I use chromedp
with Go to transform html pages into images (using screenshot method) but it uses a lot of CPU. Is it ok and can i optimize it? Here how i use it (i tried to open first tab, but everything works the same, after .Run method, endpoint is not responding (app runs normally, parallel healthcheck request are OK)
Here code:
func (cdp *ChromeDP) ConvertToImage(html string) ([]byte, error) {
var res []byte
// You should use same context from ChromeDP struct, to avoid zombie chrome process
ctx1, cancel1 := chromedp.NewContext(cdp.ctx)
defer cancel1()
var wg sync.WaitGroup
wg.Add(1)
if err := chromedp.Run(ctx1,
chromedp.Navigate("about:blank"),
chromedp.ActionFunc(func(ctx context.Context) error {
lctx, cancel := context.WithCancel(ctx)
chromedp.ListenTarget(lctx, func(ev interface{}) {
if _, ok := ev.(*page.EventLoadEventFired); ok {
wg.Done()
cancel()
}
})
return nil
}),
chromedp.ActionFunc(func(ctx context.Context) error {
frameTree, err := page.GetFrameTree().Do(ctx)
if err != nil {
return err
}
return page.SetDocumentContent(frameTree.Frame.ID, html).Do(ctx)
}),
chromedp.ActionFunc(func(ctx context.Context) error {
wg.Wait()
return nil
}),
chromedp.ActionFunc(func(ctx context.Context) error {
result, err := page.CaptureScreenshot().Do(ctx)
if err != nil {
return err
}
res = result
return nil
}),
); err != nil {
return nil, err
}
return res, nil
}
(Its not wg problem, tested :D)
I was having the same problems using an alpine Docker image with a chromium installed. chromedp
handles any chrome instance to execute commands.

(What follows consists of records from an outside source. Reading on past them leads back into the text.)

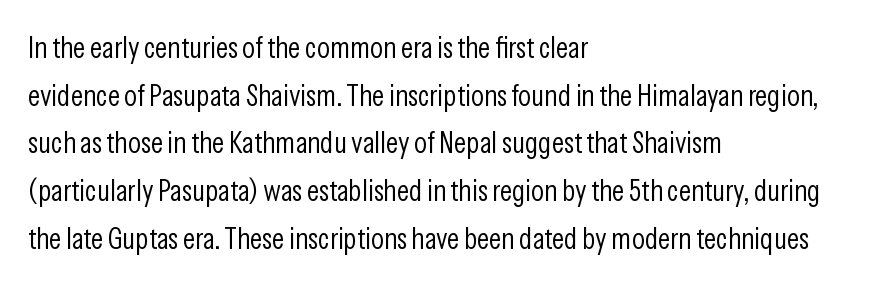
Q: Is the text bold? A: No.
Q: Is the text italic (slanted)? A: No, it is upright.
Q: Is the typeface a serif or a sans-serif typeface? A: Sans-serif.
Q: Is the text underlined? A: No.
Q: How is the paragraph aligned? A: Left-aligned.
Q: Is the spacing between letters normal or unusually wide? A: Normal.
Q: Is the spacing between lines tight, normal or loose? A: Normal.
Q: Width (condensed, normal, or wide)? A: Condensed.
Q: Stroke contrast? A: Low.
Q: x-height? A: Medium.
Q: Monospaced? A: No.
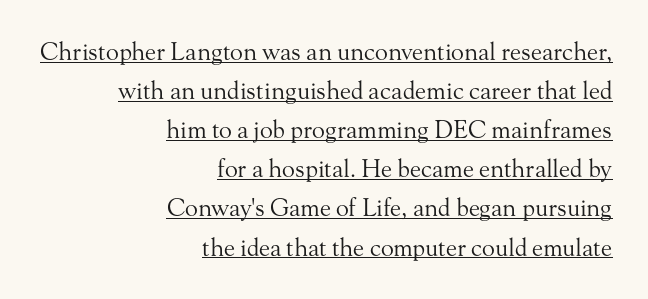
{"italic": "no", "bold": "no", "underline": "yes", "align": "right", "line_spacing": "normal", "line_spacing_ratio": 1.63, "letter_spacing": "normal", "letter_spacing_em": 0.0, "glyph_px": 24}
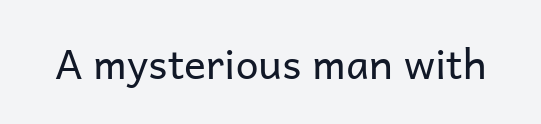
The image shows 41 px regular-weight sans-serif type, upright; set normal letter spacing, not underlined; low stroke contrast and a medium x-height.
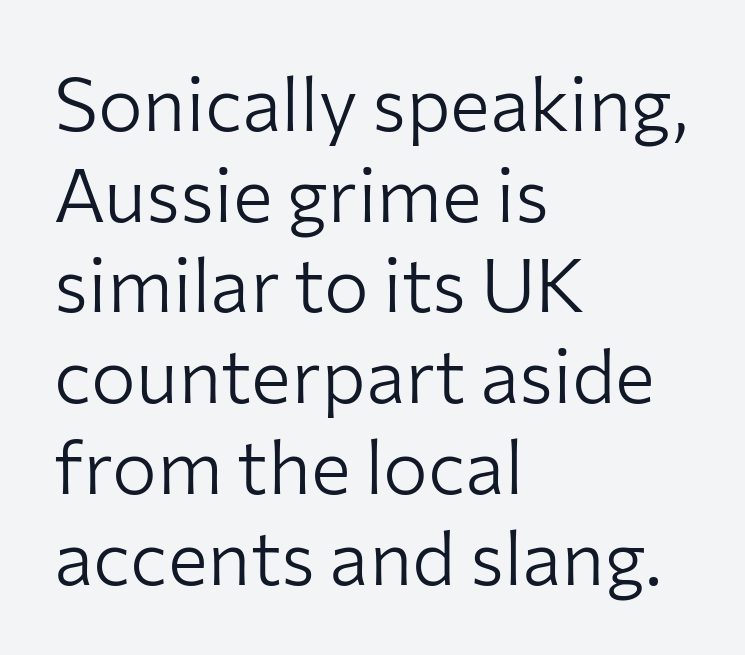
Q: Is the text bold? A: No.
Q: Is the text italic (slanted)? A: No, it is upright.
Q: Is the typeface a serif or a sans-serif typeface? A: Sans-serif.
Q: Is the text underlined? A: No.
Q: How is the paragraph aligned? A: Left-aligned.
Q: Is the spacing between letters normal or unusually wide? A: Normal.
Q: Width (condensed, normal, or wide)? A: Normal.
Q: Stroke contrast? A: Low.
Q: x-height? A: Medium.
Q: Monospaced? A: No.
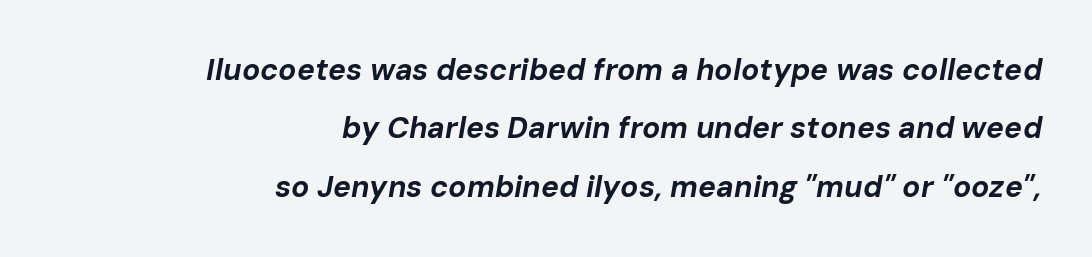
I'd describe the lettering as bold — thick and assertive. Caption: standard tracking, unaltered. The paragraph has a hard right edge and a soft left edge. A typesetter would call this proportional, since set widths differ per character. Descender tails drop into unmarked territory.

I changed the Dockerfile to use chromedp/headless-shell:
# Build
FROM golang:latest AS build
RUN mkdir /go/src/app
COPY . /go/src/app
WORKDIR /go/src/app
RUN go mod tidy
RUN go build -o /go/src/app/main main.go
# Run
FROM chromedp/headless-shell:latest
COPY --from=build /go/src/app/main /go/src/app/
COPY --from=build /go/src/app/templates /go/src/app/templates
WORKDIR /go/src/app
EXPOSE 8080
RUN apt-get update; apt install dumb-init -y
ENTRYPOINT ["dumb-init", "--"]
CMD ["/go/src/app/main"]
I replaced an Alpine image for a Debian image (golang:latest in build stage) because chromedp/headless-shell (2nd stage in image) is based on it.
In the cluster, the service required 400% of CPU. After the change it dropped down to 2%. You can use any AWS node with it.
Another approach is to always have a running browser instance: the first chromedp.NewContext(cdp.ctx)
should open an about:blank
tab to never close the browser when other tabs are closed.